第78章
兩個人走了回去,卻已經過了飯點半個時辰了,廖青和張曉黎兩個早就吃完飯了,在樹下坐着,喝茶。
“嗯?”廖青搖着扇子,看向唐悅朝。
“你們回來了啊?”張曉黎把正在繡的青色荷包放在一邊,起身給兩個人一人倒了杯水,“廖大哥說你們中午應該回不來,就早早地吃飯了,也沒給你們留飯……”
蕭越幸災樂禍的看了眼唐悅朝。
“哈哈~”讓你回來,都吃完了,喝西北風吧,唐狗!
蕭越噘着嘴想了一圈,可惜他忘了,自己中午也是沒有吃飯的,早就餓了,他剛剛笑完,唐悅朝回頭死魚眼盯着他的安靜一刻,蕭越的肚子突然響了起來——
尴尬在四周彌漫着,唐悅朝突然表情垮了下去,頭都不想擡起來了。
“哈哈,看把孩子給餓的,都餓笑了。”唐悅朝拍了拍蕭越的腦袋,就是下手有點重了——
“啊——”蕭越被拍的往前猛的一步,“唐悅朝!”
“叫老子……咳——叫我幹什麽?”唐悅朝看了眼蕭越。
蕭越自覺的不講話了。
“行了,餓就讓前院送點吃食過來,自相殘殺幹什麽,要互相割大腿肉吃嗎?”廖青搖了搖新的寵愛的一把扇子——紫晶點翠的一把掐烏金絲九骨扇。
唐悅朝的眼睛廖青的新扇子給吸引了個九成九。
那扇子第一眼,低調又奢華,尤其是對唐悅朝這種懂行的,那一眼看過去,就是百萬兩白銀在面前晃蕩。
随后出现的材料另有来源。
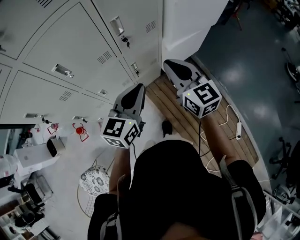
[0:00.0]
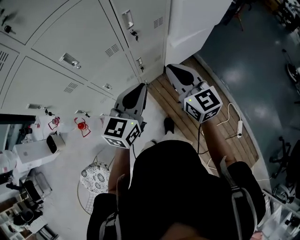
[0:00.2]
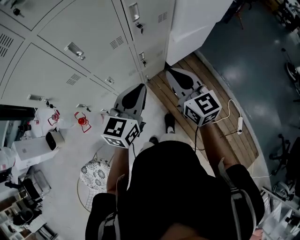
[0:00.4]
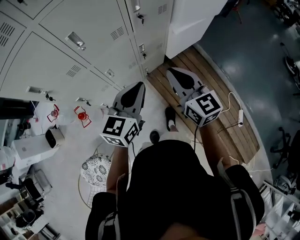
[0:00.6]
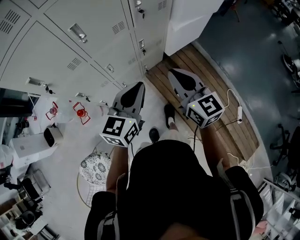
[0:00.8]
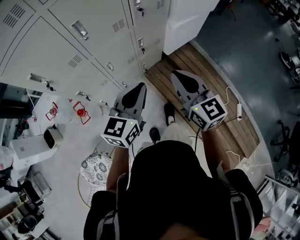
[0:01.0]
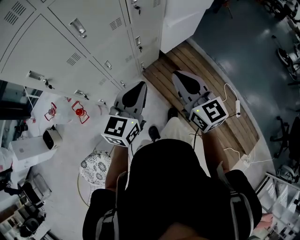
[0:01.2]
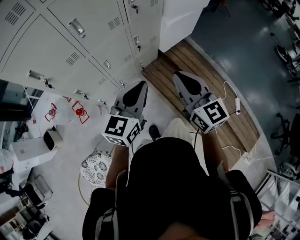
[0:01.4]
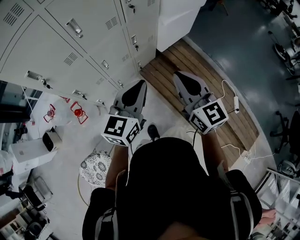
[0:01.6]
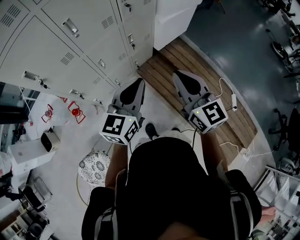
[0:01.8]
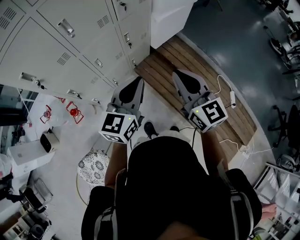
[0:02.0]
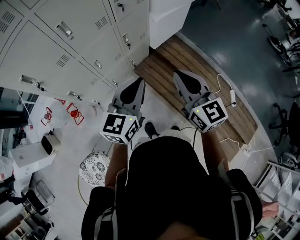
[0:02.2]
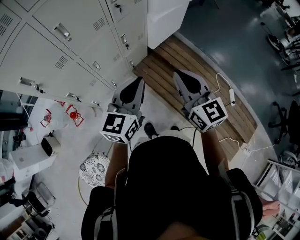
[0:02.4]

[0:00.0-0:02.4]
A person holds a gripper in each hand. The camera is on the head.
0:00.0 to 0:01.2: The left gripper heads backward and to the left, covering approximately 20 cm; the right gripper heads backward, covering some 25 cm.
0:01.2 to 0:02.4: Both grippers travel together to the right, some 5 cm.

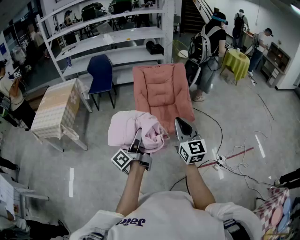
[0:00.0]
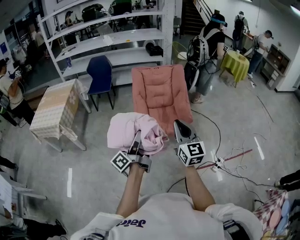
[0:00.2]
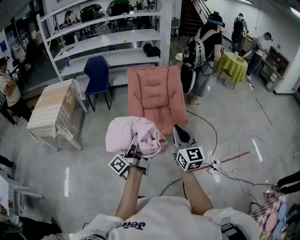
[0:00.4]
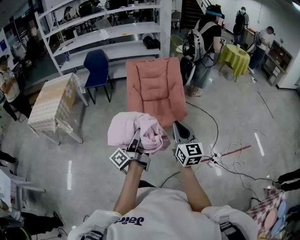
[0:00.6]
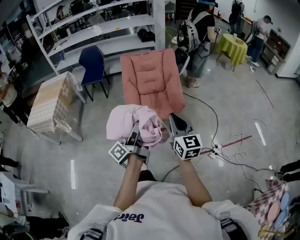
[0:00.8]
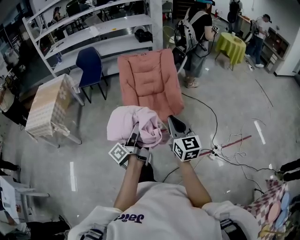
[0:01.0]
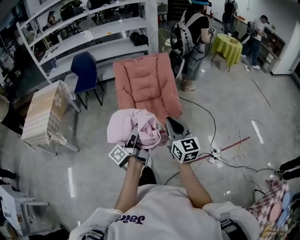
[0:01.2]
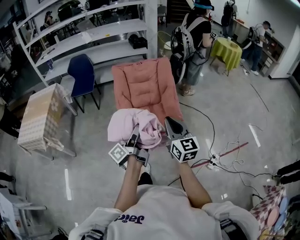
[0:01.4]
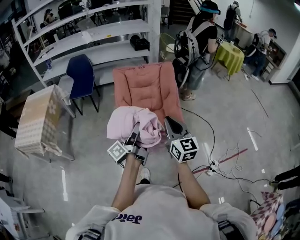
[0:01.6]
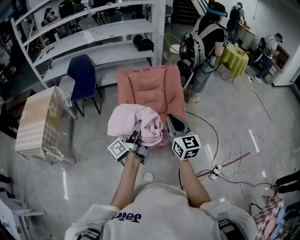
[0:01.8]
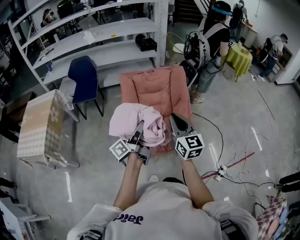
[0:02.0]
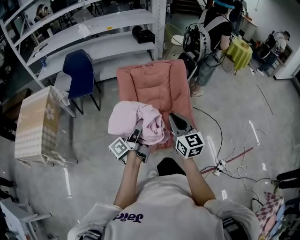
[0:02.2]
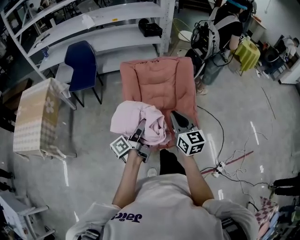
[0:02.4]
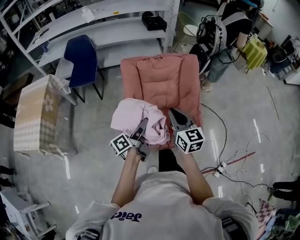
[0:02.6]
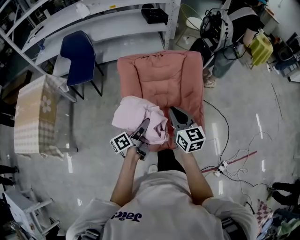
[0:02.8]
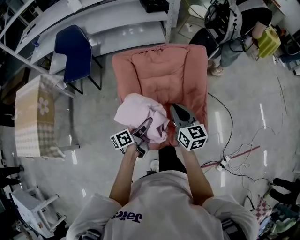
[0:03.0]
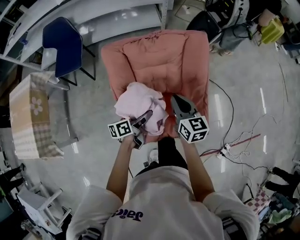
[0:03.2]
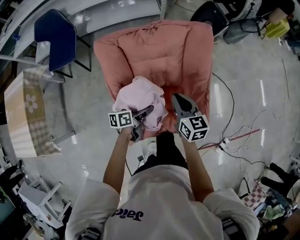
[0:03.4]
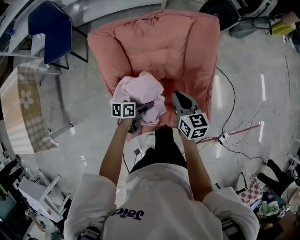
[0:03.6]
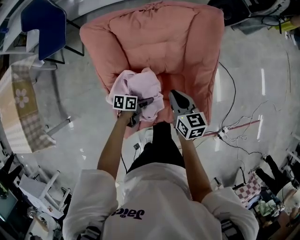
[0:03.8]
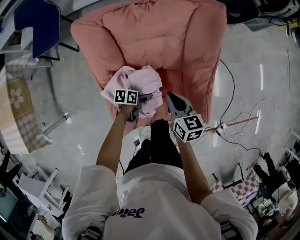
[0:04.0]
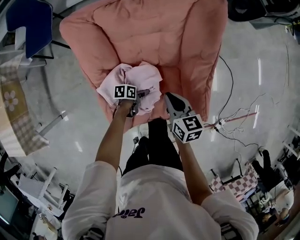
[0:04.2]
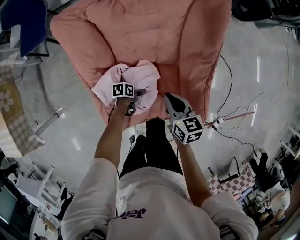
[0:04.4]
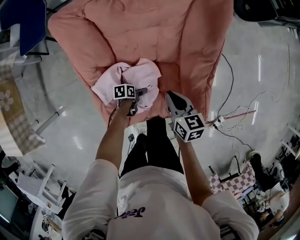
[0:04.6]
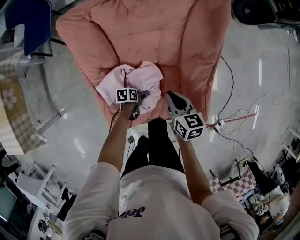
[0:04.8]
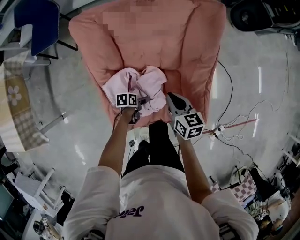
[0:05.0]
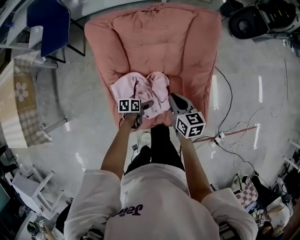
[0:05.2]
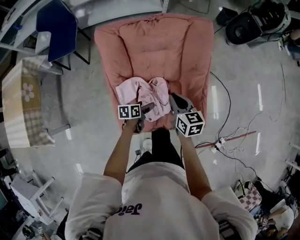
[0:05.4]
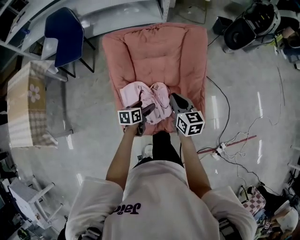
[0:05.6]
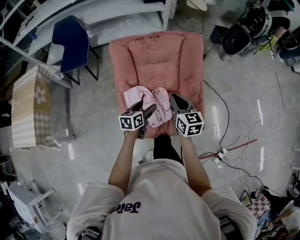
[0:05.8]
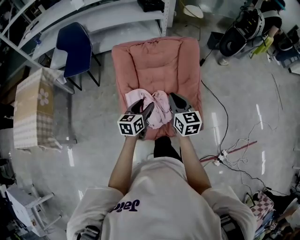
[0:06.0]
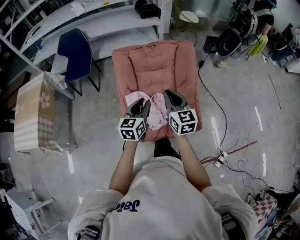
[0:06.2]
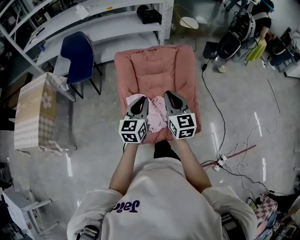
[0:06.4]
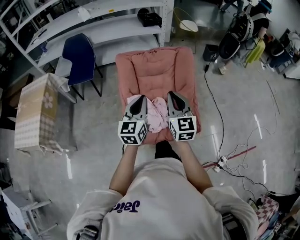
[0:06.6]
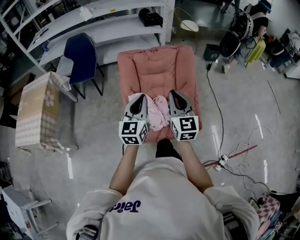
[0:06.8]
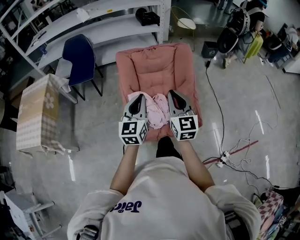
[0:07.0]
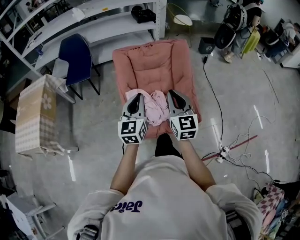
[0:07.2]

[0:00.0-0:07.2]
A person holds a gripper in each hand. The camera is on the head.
0:00.0 to 0:01.4: The left gripper moves forward and to the right, approximately 20 cm. Meanwhile the right gripper goes roughly 15 cm forward, to the right and downward.
0:01.4 to 0:02.8: The two grippers go about 40 cm forward. The left gripper swivels some 20 degrees.
0:02.8 to 0:04.4: The right gripper is displaced downward and forward by some 30 cm, and changes its angle by roughly 30 degrees, while the left gripper goes about 50 cm downward, and tilts its fingers roughly 50 degrees downward.
0:04.4 to 0:05.8: The left gripper goes some 35 cm upward, and turns by approximately 50 degrees. The right gripper heads upward, covering some 20 cm, and rotates about 20 degrees.
0:05.8 to 0:07.2: The right gripper shifts approximately 20 cm backward and upward, and swivels some 30 degrees. Meanwhile the left gripper travels upward and backward by roughly 25 cm, rotates about 40 degrees, and closes up.

唐悅朝收回他戀戀不舍的視線,指揮了蕭越去前頭點菜,“多點一個蝦仁蒸蛋。”
蕭越慫兮兮的,去了。
唐悅朝就坐下,拿着杯子喝水。
順便看看兩個人秀恩愛。
“廖大哥——”張曉黎拿了荷包給廖青看,“蘭草會不會顏色太亮了呀?”
廖青把扇子合起來,放桌子上,探手拿了荷包看。
“沒有太亮了。”廖青細細都看了看張曉黎繡的荷包,“很好看。”
“是嗎?”張曉黎半躺在躺椅裏,對着太陽看的,總覺得顏色有點亮了。
“嗯。”廖青坐了起來些,拿了桌子上攤涼了些的茶水喝了一口。
“那我就接着繡了,待會繡了葉子再給廖大哥挑顏色。”張曉黎放心了些,正好也有點口渴,就跟廖青一樣拿了杯子喝了點茶水。
兩個人的動作神同步。
唐悅朝作為這個當代大齡單身青年,受到了厲害一擊……
喝了水,張曉黎拿過了荷包,接着繡。
唐悅朝萎靡不振的拿着廖青的扇子細細的觀賞,然後攤在躺椅上,小心點拿着那把扇子慢慢的搖了搖,感受感受一百萬兩的扇子是什麽感覺……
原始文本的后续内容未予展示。